START The input

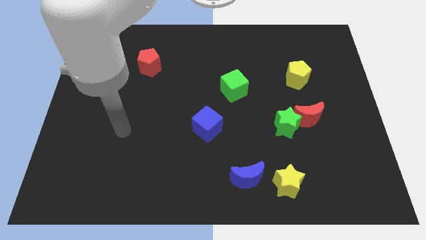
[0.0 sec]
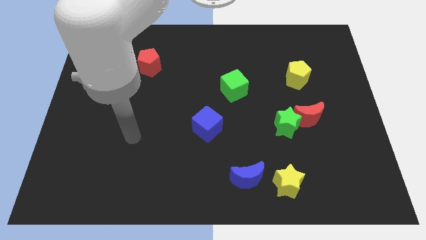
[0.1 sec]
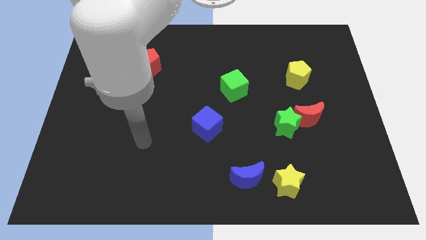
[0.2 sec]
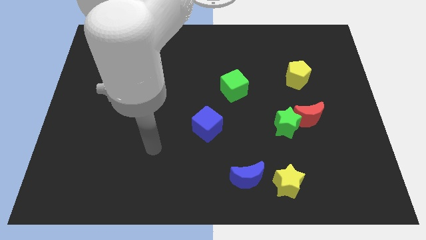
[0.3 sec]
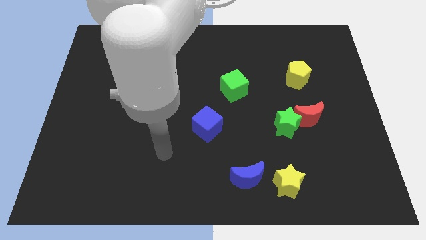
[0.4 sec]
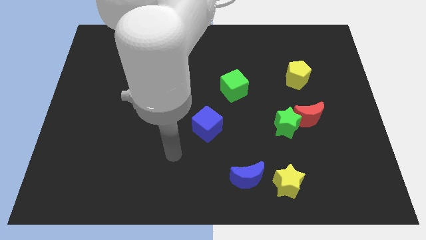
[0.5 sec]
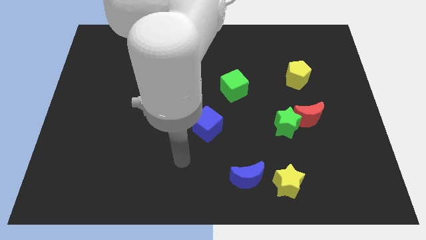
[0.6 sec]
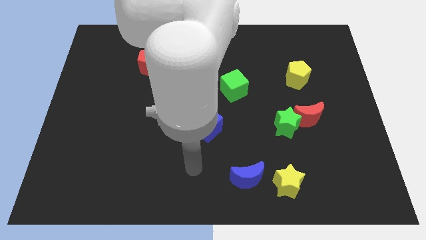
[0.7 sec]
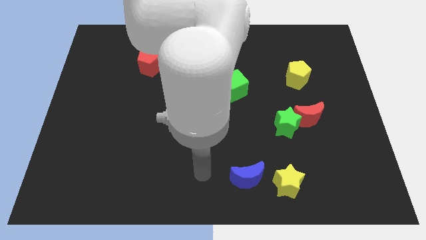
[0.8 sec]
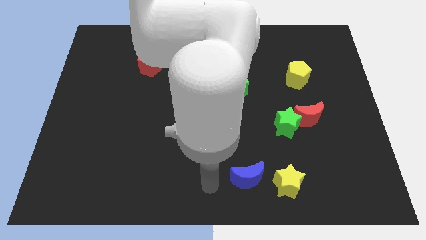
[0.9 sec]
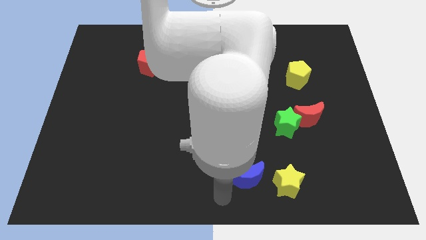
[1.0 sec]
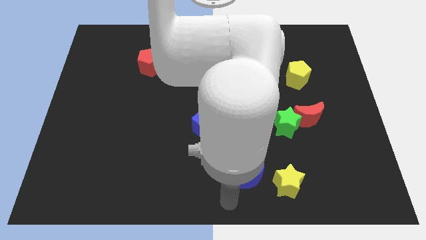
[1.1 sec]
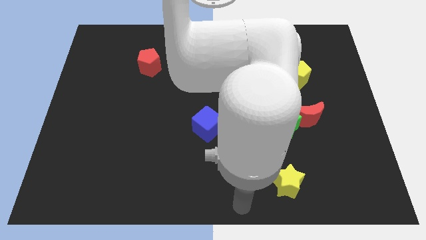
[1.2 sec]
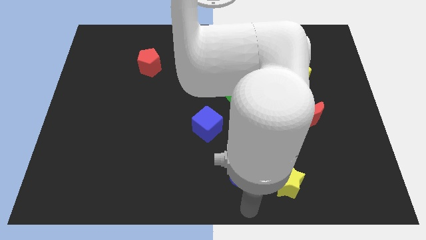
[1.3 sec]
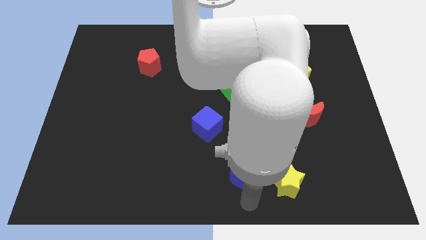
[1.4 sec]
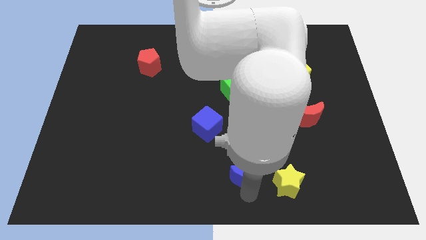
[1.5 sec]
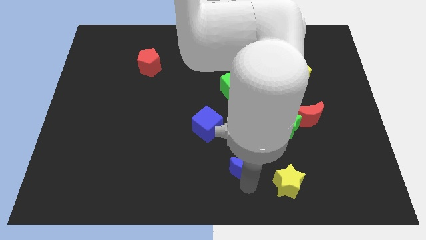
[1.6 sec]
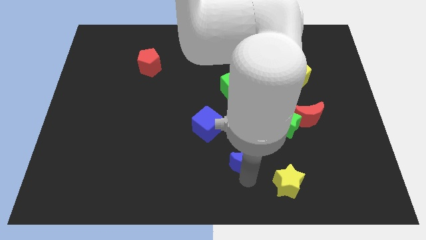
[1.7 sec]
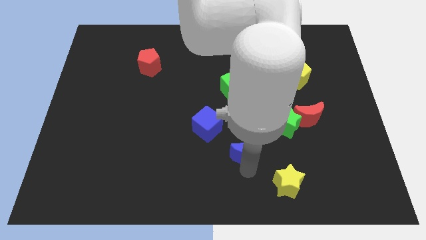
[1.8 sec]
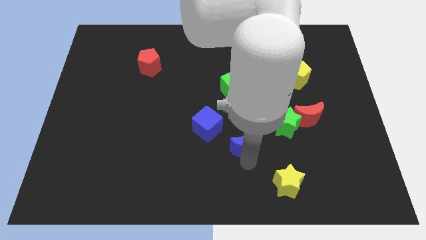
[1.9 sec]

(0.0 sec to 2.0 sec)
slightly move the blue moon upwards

END The input

Once the pictures are set aside, write out each record exactly.

[0.0 sec]
[0.1 sec]
[0.2 sec]
[0.3 sec]
[0.4 sec]
[0.5 sec]
[0.6 sec]
[0.7 sec]
[0.8 sec]
[0.9 sec]
[1.0 sec]
[1.1 sec]
[1.2 sec]
[1.3 sec]
[1.4 sec]
[1.5 sec]
[1.6 sec]
[1.7 sec]
[1.8 sec]
[1.9 sec]

(0.0 sec to 2.0 sec)
slightly move the blue moon upwards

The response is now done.